A particularly important area of application is where the lifting anchor is placed in the edge of an end or side of a thin concrete panel and where the panel is to be lifted in a direction normal to the axis of the anchor with a shear load applied to the anchor. A common application of this type exists in the construction of tilt-up buildings. In this type of construction thin wall panels are cast horizontally at ground level and raised into the vertical position by tilting the horizontal panel about one (lower) edge by lifting with anchors set in the opposite (upper) edge until it is in the vertical position. Then it is lifted into its final position to form a wall element.
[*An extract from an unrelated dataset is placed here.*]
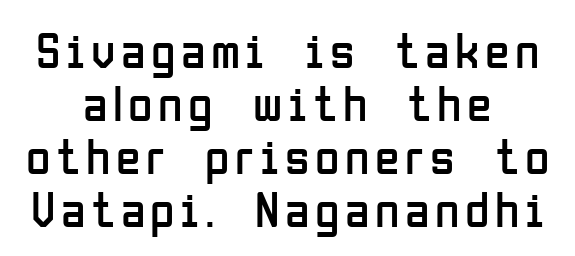
{"serif": "no", "italic": "no", "bold": "no", "weight": "regular", "width": "condensed", "stroke_contrast": "low", "x_height": "medium", "monospaced": "no", "underline": "no", "align": "center", "line_spacing": "tight", "line_spacing_ratio": 1.06, "glyph_px": 50}
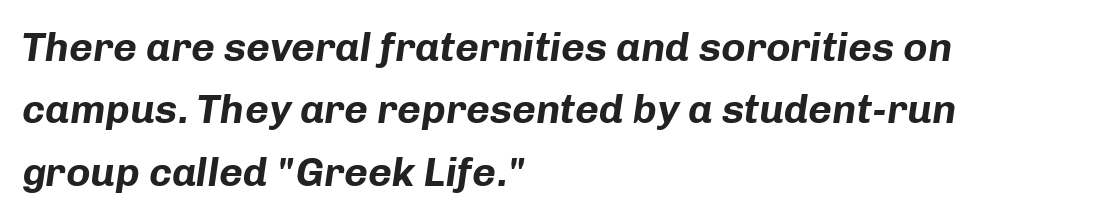
{"italic": "yes", "lean": "right", "slant_degrees": 8, "bold": "yes", "weight": "bold", "width": "normal", "stroke_contrast": "low", "x_height": "medium", "monospaced": "no", "underline": "no", "align": "left", "line_spacing": "normal", "line_spacing_ratio": 1.52, "letter_spacing": "normal", "letter_spacing_em": 0.0, "glyph_px": 41}

The invention is not, however, limited to tilt-up operations and can be used in any application where an anchor is set either in an edge, or close to an edge, and where a force is to be applied in a direction towards the edge. Here there is a risk of failure of the concrete in the region of the edge as a result of the shear forces generated by the application of the force to the anchor. In such applications there is only a small distance between the anchor axis and the surface of the concrete panel in the direction of the applied force. Therefore there is often an insufficient volume of concrete to resist the applied load without failure.
Lifting anchors now in widespread use comprise a bar which at one end has a hole through which is threaded a reinforcement member. Alternatively, the one end of the bar has an enlarged foot. The reinforcement member or foot provides an anchorage to the concrete inside the panel. The other end of the bar provides a connection to the lifting device. Such anchors are commonly forged from steel. The means of connection can either be an enlarged head or a hole. Such lifting anchors and the systems by which they are lifted are described in U.S. Pat. No. 3,499,676 (1970), U.S. Pat. No 3,883,170 (1975) and U.S. Pat. No. 4,173,367 (1979) amongst others.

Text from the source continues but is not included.